Data excerpts
┄┄┄┄┄┄┄┄┄┄

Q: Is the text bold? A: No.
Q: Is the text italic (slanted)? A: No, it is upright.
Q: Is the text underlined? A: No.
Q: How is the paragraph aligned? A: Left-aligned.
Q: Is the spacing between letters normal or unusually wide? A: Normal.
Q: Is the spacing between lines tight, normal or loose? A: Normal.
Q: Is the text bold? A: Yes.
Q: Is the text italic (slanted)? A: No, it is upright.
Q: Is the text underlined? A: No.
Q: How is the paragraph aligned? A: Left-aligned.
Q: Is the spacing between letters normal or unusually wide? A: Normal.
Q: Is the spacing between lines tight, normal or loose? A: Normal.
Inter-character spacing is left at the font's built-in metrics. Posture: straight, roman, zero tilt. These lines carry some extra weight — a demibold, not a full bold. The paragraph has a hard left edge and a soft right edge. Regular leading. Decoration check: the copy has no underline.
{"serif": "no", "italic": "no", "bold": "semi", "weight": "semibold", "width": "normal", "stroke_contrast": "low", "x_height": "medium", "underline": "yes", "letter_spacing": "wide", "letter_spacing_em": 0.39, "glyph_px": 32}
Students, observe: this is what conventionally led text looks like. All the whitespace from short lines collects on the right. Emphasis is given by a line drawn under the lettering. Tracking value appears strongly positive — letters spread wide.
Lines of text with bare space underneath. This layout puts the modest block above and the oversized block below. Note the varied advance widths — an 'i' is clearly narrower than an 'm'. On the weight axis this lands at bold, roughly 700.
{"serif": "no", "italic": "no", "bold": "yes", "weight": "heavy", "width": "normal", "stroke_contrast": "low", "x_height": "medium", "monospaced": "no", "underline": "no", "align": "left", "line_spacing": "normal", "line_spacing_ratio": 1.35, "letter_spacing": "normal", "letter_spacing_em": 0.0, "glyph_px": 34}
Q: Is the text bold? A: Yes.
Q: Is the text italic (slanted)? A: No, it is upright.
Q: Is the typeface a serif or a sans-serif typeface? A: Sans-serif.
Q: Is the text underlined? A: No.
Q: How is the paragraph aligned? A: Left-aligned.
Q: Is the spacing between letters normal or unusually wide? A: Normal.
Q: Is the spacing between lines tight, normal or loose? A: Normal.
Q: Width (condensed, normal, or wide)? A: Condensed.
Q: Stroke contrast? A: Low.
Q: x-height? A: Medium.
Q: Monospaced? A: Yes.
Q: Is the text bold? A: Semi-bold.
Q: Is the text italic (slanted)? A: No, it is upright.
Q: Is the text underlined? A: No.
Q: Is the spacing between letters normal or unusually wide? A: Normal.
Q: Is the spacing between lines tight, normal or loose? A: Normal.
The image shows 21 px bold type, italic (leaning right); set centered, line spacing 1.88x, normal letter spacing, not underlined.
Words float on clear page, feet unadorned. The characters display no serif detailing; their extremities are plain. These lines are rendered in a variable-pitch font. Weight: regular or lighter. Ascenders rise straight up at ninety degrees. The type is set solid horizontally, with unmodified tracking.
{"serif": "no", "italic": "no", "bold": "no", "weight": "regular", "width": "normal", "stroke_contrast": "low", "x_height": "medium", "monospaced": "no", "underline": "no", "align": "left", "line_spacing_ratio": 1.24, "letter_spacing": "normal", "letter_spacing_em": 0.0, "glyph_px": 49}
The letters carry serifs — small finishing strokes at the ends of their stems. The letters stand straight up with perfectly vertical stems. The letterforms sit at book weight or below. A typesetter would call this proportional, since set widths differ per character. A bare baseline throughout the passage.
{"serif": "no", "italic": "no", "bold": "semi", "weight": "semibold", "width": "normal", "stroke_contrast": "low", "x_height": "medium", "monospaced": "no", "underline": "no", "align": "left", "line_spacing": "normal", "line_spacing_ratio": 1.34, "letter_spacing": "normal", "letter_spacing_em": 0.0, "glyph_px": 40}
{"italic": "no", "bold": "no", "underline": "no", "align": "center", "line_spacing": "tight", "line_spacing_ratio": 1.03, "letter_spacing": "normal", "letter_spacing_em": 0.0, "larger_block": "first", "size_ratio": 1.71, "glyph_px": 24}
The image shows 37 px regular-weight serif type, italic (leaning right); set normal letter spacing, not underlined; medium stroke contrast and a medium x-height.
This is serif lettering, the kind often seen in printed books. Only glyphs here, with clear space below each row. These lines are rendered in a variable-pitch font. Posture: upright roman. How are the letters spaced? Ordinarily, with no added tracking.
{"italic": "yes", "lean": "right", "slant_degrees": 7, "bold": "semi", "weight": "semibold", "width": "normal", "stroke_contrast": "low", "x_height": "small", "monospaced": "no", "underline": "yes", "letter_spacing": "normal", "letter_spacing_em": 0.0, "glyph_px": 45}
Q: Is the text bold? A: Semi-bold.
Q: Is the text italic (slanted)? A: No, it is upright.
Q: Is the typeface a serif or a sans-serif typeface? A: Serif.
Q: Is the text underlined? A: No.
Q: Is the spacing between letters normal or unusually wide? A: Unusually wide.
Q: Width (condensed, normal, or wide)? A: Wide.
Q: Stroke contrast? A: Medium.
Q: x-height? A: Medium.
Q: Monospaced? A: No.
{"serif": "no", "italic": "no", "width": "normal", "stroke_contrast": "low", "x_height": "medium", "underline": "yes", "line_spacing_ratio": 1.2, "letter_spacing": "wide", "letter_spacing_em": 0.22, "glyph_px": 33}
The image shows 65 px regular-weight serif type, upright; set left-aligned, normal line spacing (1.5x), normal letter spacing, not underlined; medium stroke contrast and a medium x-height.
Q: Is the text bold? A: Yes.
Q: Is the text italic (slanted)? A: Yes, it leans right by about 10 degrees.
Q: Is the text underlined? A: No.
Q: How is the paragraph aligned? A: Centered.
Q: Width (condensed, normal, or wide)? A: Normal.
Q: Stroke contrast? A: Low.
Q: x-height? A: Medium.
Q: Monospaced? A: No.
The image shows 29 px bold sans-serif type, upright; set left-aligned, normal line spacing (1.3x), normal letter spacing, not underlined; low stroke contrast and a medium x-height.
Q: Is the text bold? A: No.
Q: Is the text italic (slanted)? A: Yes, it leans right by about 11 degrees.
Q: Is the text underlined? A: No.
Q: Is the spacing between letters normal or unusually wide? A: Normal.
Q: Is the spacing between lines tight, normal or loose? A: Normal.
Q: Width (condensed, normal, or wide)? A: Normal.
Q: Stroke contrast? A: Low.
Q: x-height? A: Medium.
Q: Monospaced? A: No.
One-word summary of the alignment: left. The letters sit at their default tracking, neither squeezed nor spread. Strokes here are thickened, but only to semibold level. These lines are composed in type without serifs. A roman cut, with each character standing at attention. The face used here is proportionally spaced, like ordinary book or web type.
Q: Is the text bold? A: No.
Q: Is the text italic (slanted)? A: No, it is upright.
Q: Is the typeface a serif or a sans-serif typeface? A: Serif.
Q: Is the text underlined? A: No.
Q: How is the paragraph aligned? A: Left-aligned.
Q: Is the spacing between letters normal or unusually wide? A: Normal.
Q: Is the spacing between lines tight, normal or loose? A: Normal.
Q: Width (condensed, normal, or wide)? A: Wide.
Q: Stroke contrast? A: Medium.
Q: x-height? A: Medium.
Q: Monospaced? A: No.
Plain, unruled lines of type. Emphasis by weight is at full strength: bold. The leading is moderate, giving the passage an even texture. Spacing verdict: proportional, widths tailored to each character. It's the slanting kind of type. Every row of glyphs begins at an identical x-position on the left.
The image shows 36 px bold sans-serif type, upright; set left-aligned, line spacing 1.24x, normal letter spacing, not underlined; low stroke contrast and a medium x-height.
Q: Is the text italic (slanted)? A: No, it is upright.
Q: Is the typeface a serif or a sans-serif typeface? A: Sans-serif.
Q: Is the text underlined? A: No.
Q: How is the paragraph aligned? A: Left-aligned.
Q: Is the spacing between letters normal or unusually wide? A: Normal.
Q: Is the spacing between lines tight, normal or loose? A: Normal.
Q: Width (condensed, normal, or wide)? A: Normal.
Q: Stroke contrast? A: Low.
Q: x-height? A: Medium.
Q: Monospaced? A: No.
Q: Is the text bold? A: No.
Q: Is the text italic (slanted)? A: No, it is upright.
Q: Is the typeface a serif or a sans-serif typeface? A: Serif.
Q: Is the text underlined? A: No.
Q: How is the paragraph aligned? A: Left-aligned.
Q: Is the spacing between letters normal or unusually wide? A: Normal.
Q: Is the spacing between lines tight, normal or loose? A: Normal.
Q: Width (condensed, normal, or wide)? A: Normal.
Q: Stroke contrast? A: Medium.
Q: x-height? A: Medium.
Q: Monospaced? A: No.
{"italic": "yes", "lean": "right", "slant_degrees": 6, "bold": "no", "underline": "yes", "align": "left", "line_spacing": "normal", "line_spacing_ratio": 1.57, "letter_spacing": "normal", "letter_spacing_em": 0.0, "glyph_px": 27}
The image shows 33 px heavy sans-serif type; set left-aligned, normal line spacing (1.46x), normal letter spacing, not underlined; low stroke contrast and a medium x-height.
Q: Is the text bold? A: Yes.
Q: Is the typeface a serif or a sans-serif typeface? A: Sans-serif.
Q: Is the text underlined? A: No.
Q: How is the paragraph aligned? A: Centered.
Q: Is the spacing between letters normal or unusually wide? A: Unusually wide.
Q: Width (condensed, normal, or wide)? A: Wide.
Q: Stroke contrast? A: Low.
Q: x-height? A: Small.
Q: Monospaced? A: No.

┄┄┄┄┄┄┄┄┄┄

WORK ORDER - What is needed is each line of the entries that contains the word "about".

SOLUTION FOR THIS EXERCISE -
Q: Is the text italic (slanted)? A: Yes, it leans right by about 10 degrees.
Q: Is the text italic (slanted)? A: Yes, it leans right by about 11 degrees.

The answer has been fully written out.